- Presented by: Fred Sirieix; Jayde Adams;
- Country of origin: United Kingdom
- Original language: English
- No. of seasons: 3
- No. of episodes: 10

Production
- Executive producer: Sarah Eglin
- Production company: Optomen Television

Original release
- Network: Channel 4
- Release: 1 October 2019 – 27 April 2021

= Snackmasters =

British television programme

Snackmasters is a BAFTA-nominated British television programme, presented by Fred Sirieix and Jayde Adams, and produced by Optomen Television and Channel 4. The programme was broadcast on Channel 4 and streams on All 4.

The programme sees two professional chefs compete to recreate a brand-name snack or fast food item. The chefs present their replica snack to a panel of judges composed of workers involved with the manufacture of the snack, and the chef who is decided to have most faithfully recreated the snack wins the competition. During each episode, presenter Jayde Adams visits the factory that manufactures each snack, comparing how accurately the chefs are recreating the process.

Snackmasters was nominated for a BAFTA award in the Best Feature category at the 2020 British Academy Television Awards.

An Australian adaptation of the show was first broadcast in November 2021 on the Nine Network. A New Zealand adaptation premiered on TVNZ 2 in April 2022.

== Episodes ==

Series 1
| Episode | Chefs | Winner | Date aired |
|---|---|---|---|
| Episode 1: Kit Kat | Daniel Clifford and Vivek Singh | Vivek Singh | 1 October 2019 |
| Episode 2: Monster Munch | Tristan Welch and Matt Worswick | Matt Worswick | 8 October 2019 |
| Episode 3: Burger King Whopper | Lisa Goodwin-Allen and Claude Bosi | Lisa Goodwin-Allen | 15 October 2019 |

Series 2
| Episode | Chefs | Winner | Date aired |
|---|---|---|---|
| Episode 1: Quavers | Anna Haugh and Aktar Islam | Anna Haugh | 10 December 2020 |
| Episode 2: Domino's pepperoni pizza | Jason Atherton and Francesco Mazzei | Francesco Mazzei | 17 December 2020 |
| Episode 3: Quality Street ("Festive Special") | Paul A. Young and Sarah Mountain | Sarah Mountain | 23 December 2020 |

Series 3
| Episode | Chefs | Winner | Date aired |
|---|---|---|---|
| Episode 1: KFC Zinger burger, Original Recipe Chicken and Supercharger Mayo | Tom Aikens and Alex Bond | Tom Aikens | 6 April 2021 |
| Episode 2: Wagon Wheels | Tristan Welch and Cyrus Todiwala | Cyrus Todiwala | 13 April 2021 |
| Episode 3: Shreddies | Daniel Clifford and Claude Bosi | Daniel Clifford (by default) | 20 April 2021 |
| Episode 4: Snickers | Tom Brown and Sabrina Gidda | Tom Brown | 27 April 2021 |

==International versions==

===Belgium===

Since September 2020, VTM has aired three belgian seasons of Snack Masters and one Christmas special.

===Australia===

In September 2021, it was announced that Australia’s Nine Network had commissioned a local version of the series set to air in the fourth quarter of 2021, to be hosted by Scott Pickett and Poh Ling Yeow, with Yvie Jones as a co-presenter.
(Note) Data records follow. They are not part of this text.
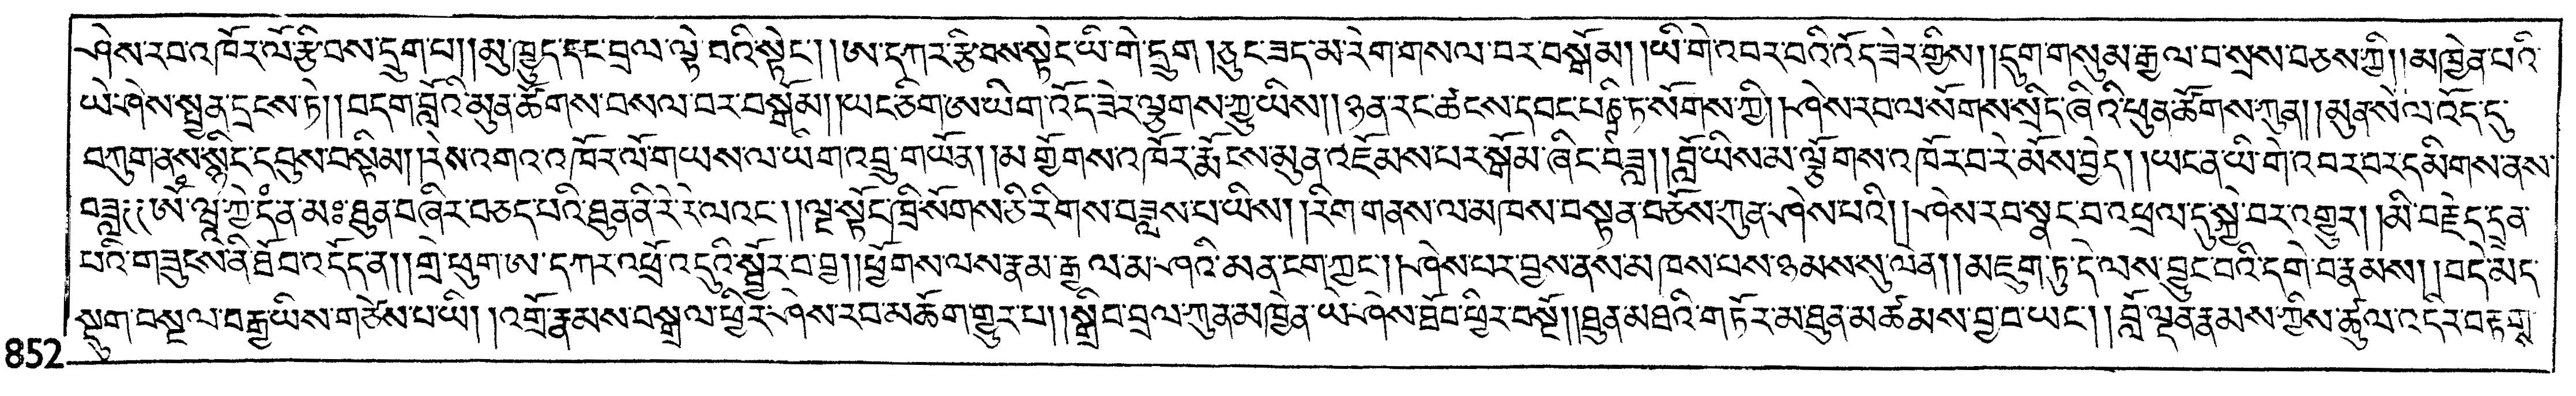ཤེས་རབ་འཁོར་ལོ་རྩིབས་དྲུག་པ། །མུ་ཁྱུད་དང་བྲལ་ལྟེ་བའི་སྟེང་། །ཨ་དཀར་རྩིབས་སྟེང་ཡི་གེ་དྲུག །ཅུང་ཟད་མ་རེག་གསལ་བར་བསྒོམ། །ཡི་གེ་འབར་བའི་འོད་ཟེར་གྱིས། །དུག་གསུམ་རྒྱལ་བ་སྲས་བཅས་ཀྱི། །མཁྱེན་པའི་
ཡེ་ཤེས་སྤྱན་དྲངས་ཏེ། །བདག་བློའི་མུན་ཚོགས་བསལ་བར་བསྒོམ། །ཡང་ཅིག་ཨ་ཡིག་འོད་ཟེར་ལྕགས་ཀྱུ་ཡིས། །ཉན་རང་ཚངས་དབང་པཎྜི་ཏ་སོགས་ཀྱི། །ཤེས་རབ་ལ་སོགས་སྲིད་ཞིའི་ཕུན་ཚོགས་ཀུན། །མུན་སེལ་འོད་དུ་
བཀུག་ནས་སྙིང་དབུས་བསྟིམ། །རེས་འགའ་འཁོར་ལོ་གཡས་ལ་ཡིག་འབྲུ་གཡོན། །མགྱོགས་འཁོར་རྨོངས་མུན་འཇོམས་པར་སྒོམ་ཞིང་བཟླ། །བློ་ཡིས་མ་ལྕོགས་འཁོར་བ་རེ་མོས་བྱེད། །ཡང་ན་ཡི་གེ་འབར་བར་དམིགས་ནས་
བཟླ། །ཨོཾ་ཝཱ་ཀྱེ་དཾ་ན་མཿ ཐུན་བཞིར་བཅད་པའི་ཐུན་ནི་རེ་རེ་ལའང་། །ལྔ་སྟོང་ཁྲི་སོགས་ཅི་རིགས་བཟླས་པ་ཡིས། །རིག་གནས་ལ་མཁས་བསྟན་བཅོས་ཀུན་ཤེས་པའི། །ཤེས་རབ་སྣང་བ་འཕྲལ་དུ་སྐྱེ་བར་འགྱུར། །མི་བརྗེད་དྲན་
པའི་གཟུངས་ནི་ཐོབ་འདོད་ན། །གྲེ་ཕུག་ཨ་དཀར་འཕྲོ་འདུའི་སྦྱོར་བ་བྱ། །ཕྱོགས་ལས་རྣམ་རྒྱལ་མ་ཤའི་མན་ངག་ཀྱང་། །ཤེས་པར་བྱས་ནས་མཁས་པས་ཉམས་སུ་ལེན། །མཇུག་ཏུ་དེ་ལས་བྱུང་བའི་དགེ་བ་རྣམས། །བདེ་མེད་
སྡུག་བསྔལ་བརྒྱ་ཡིས་གཙེས་པ་ཡི། །འགྲོ་རྣམས་བསྒྲལ་ཕྱིར་ཤེས་རབ་མཆོག་གྱུར་པ། །སྒྲིབ་བྲལ་ཀུན་མཁྱེན་ཡེ་ཤེས་ཐོབ་ཕྱིར་བསྔོ། །ཐུན་མཐའི་གཏོར་མཐུན་མཚམས་བྱ་བ་ཡང་། །བློ་ལྡན་རྣམས་ཀྱིས་ཚུལ་འདིར་བརྟགས་
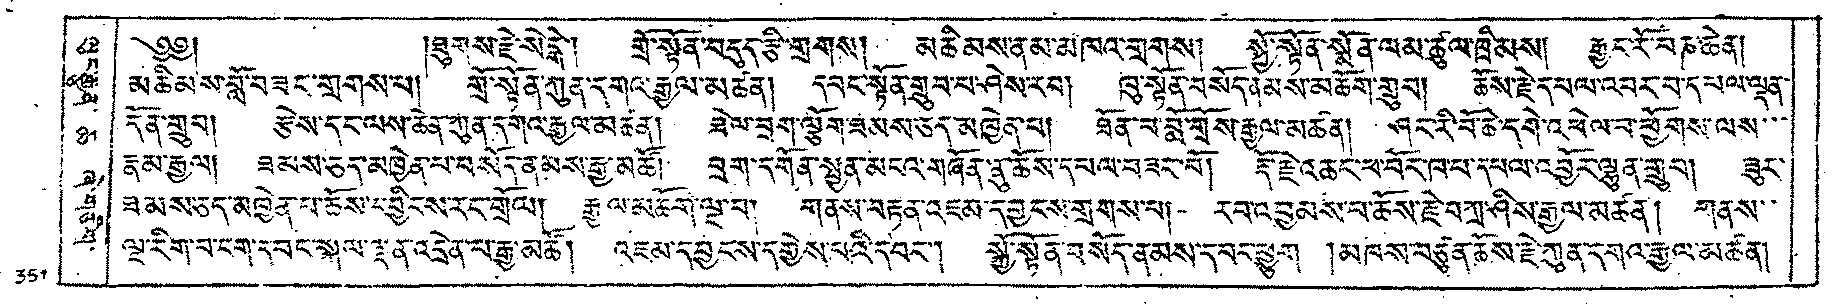༄༅། །ཐུགས་རྗེ་སེངྒེ། གྲོ་སྟོན་བདུད་རྩི་གྲགས། མཆིམས་ནམ་མཁའ་གྲགས། སྐྱོ་སྟོན་སྨོན་ལམ་ཚུལ་ཁྲིམས། རྒྱང་རོ་པཎ་ཆེན།
མཆིམས་བློ་བཟང་གྲགས་པ། གྲོ་སྟོན་ཀུན་དགའ་རྒྱལ་མཚན། དབང་སྟོན་གྲུབ་པ་ཤེས་རབ། ཁུ་སྟོན་བསོད་ནམས་མཆོག་གྲུབ། ཆོས་རྗེ་དཔལ་འབར་བ་དཔལ་ལྡན་
དོན་གྲུབ། རྩེས་དང་ལས་ཆེན་ཀུན་དགའ་རྒྱལ་མཚན། ཐེལ་བྲག་ལྕོག་ཐམས་ཅད་མཁྱེན་པ། ཐོན་པ་བློ་གྲོས་རྒྱལ་མཚན། ཤང་རི་བོ་ཆེ་དགེ་འཕེལ་བ་ཕྱོགས་ལས་
རྣམ་རྒྱལ། ཐམས་ཅད་མཁྱེན་པ་བསོད་ནམས་རྒྱ་མཚོ། བྲག་དགོན་སྤྱན་མངའ་གཞོན་ནུ་ཆོས་དཔལ་བཟང་པོ། རྡོ་རྗེ་འཆང་ཕ་བོང་ཁ་པ་དཔལ་འབྱོར་ལྷུན་གྲུབ། ཟུར་
ཐམས་ཅད་མཁྱེན་པ་ཆོས་དབྱིངས་རང་གྲོལ། རྒྱལ་མཆོག་ལྔ་པ། གནས་བརྟན་འཇམ་དབྱངས་གྲགས་པ། རབ་འབྱམས་པ་ཆོས་རྗེ་བཀྲ་ཤིས་རྒྱལ་མཚན། གནས་
ལྔ་རིག་པ་ངག་དབང་སྐལ་ལྡན་འདྲེན་པ་རྒྱ་མཚོ། འཇམ་དབྱངས་དགྱེས་པའི་དབང་། སྐྱོ་སྟོན་བསོད་ནམས་དབང་ཕྱུག །མཁས་བཙུན་ཆོས་རྗེ་ཀུན་དགའ་རྒྱལ་མཚན།
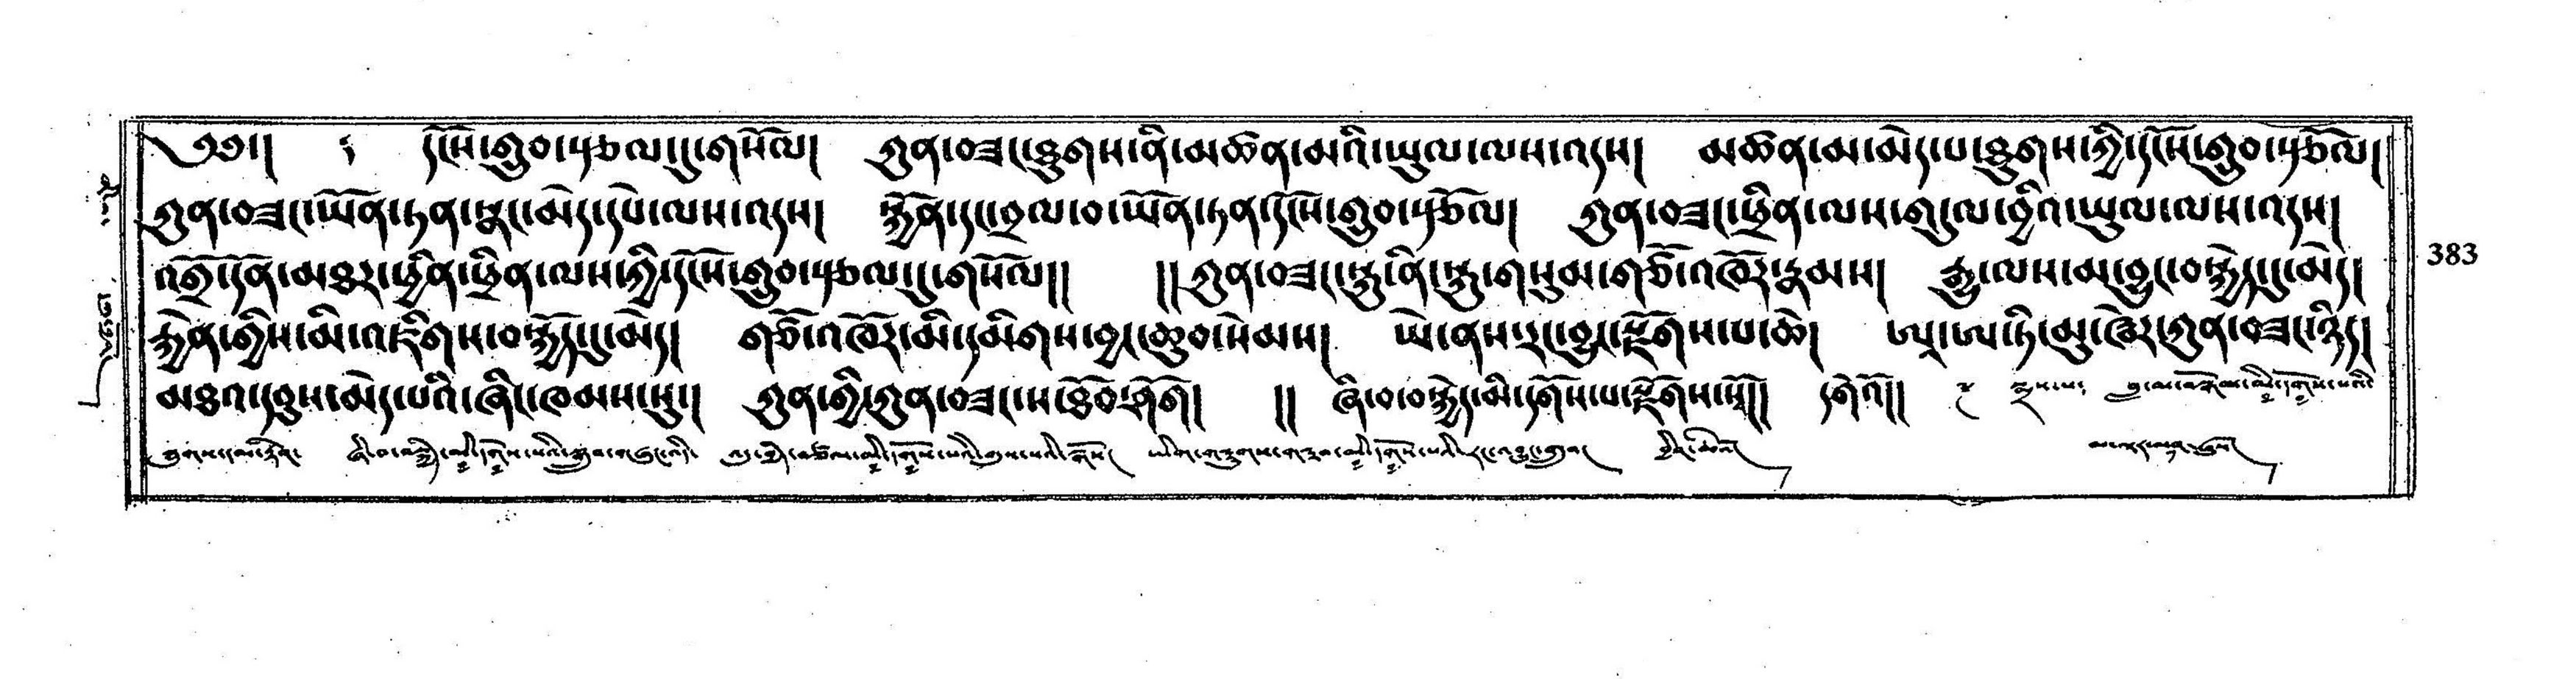དངོས་གྲུབ་སྩལ་དུ་གསོལ། ཀུན་བཟང་ཐུགས་ནི་མཚན་མའི་ཡུལ་ལས་འདས། མཚན་མ་མེད་པ་ཐུགས་ཀྱི་དངོས་གྲུབ་སྩོལ། 
ཀུན་བཟང་ཡོན་ཏན་སྣང་མེད་དཔེ་ལས་འདས། སྐྱོན་དང་བྲལ་བ་ཡོན་ཏན་དངོས་གྲུབ་སྩོལ། ཀུན་བཟང་ཕྲིན་ལས་གདུལ་བྱའི་ཡུལ་ལས་འདས། 
འགྲོ་དོན་མཐར་ཕྱིན་ཕྲིན་ལས་ཀྱི་དངོས་གྲུབ་སྩལ་དུ་གསོལ།། །།ཀུན་བཟང་སྐུ་ནི་སྐུ་གསུམ་གཙོ་འཁོར་རྣམས། རྒྱུ་ལས་མ་བྱུང་བསྐྱེད་དུ་མེད། 
རྐྱེན་གྱིས་མི་འཇིགས་བསྐྱོད་དུ་མེད། གཙོ་འཁོར་མི་དམིགས་བྱང་ཆུབ་སེམས། ཡེ་ནས་རང་བྱུང་རྫོགས་པ་ཆེ། ཨཱ་ཨ་ཏི་མུ་ཝེར་ཀུན་བཟང་ཉིད། 
མཐའ་དབུས་མེད་པའི་ཞིང་ཁམས་སུ། ཀུན་གྱི་ཀུན་བཟང་ས་ཐོབ་ཤོག །།ཞི་བ་བསྐྱེད་མི་དགོས་པ་རྫོགས་སོ།། དགེའོ།། སྨྲས་པ། བླ་མ་བསྒོམ་མི་དགོས༵་པའི་
ཐུགས་དམ་རྟེན། ཞི་བ་བསྐྱེད་མི་དགོས༵་པའི་སྒྲུབ་གཞུང་འདི། འདུ་བྱེད་བཙམ་མི་དགོས༵་པའི་གུས་པའི་སྒོས། ཡིག་གཟུགས་གཟབ་མི་དགོས༵་པའི་རང་འབྱུང་གྲུབ། བྱིན་ཆེའོ།

The series premiered on 29 November 2021. A second season started airing from 4 December 2022, with the show shifting to a new knockout competition format.

=== New Zealand ===

A New Zealand-produced version, Snack Masters, premiered on TVNZ 2 on 20 April 2022, produced by South Pacific Pictures.

=== France ===
A French-produced version of Snackmasters premiered on M6 on 27 June 2023. The first episode was about McDonald's' Big Mac.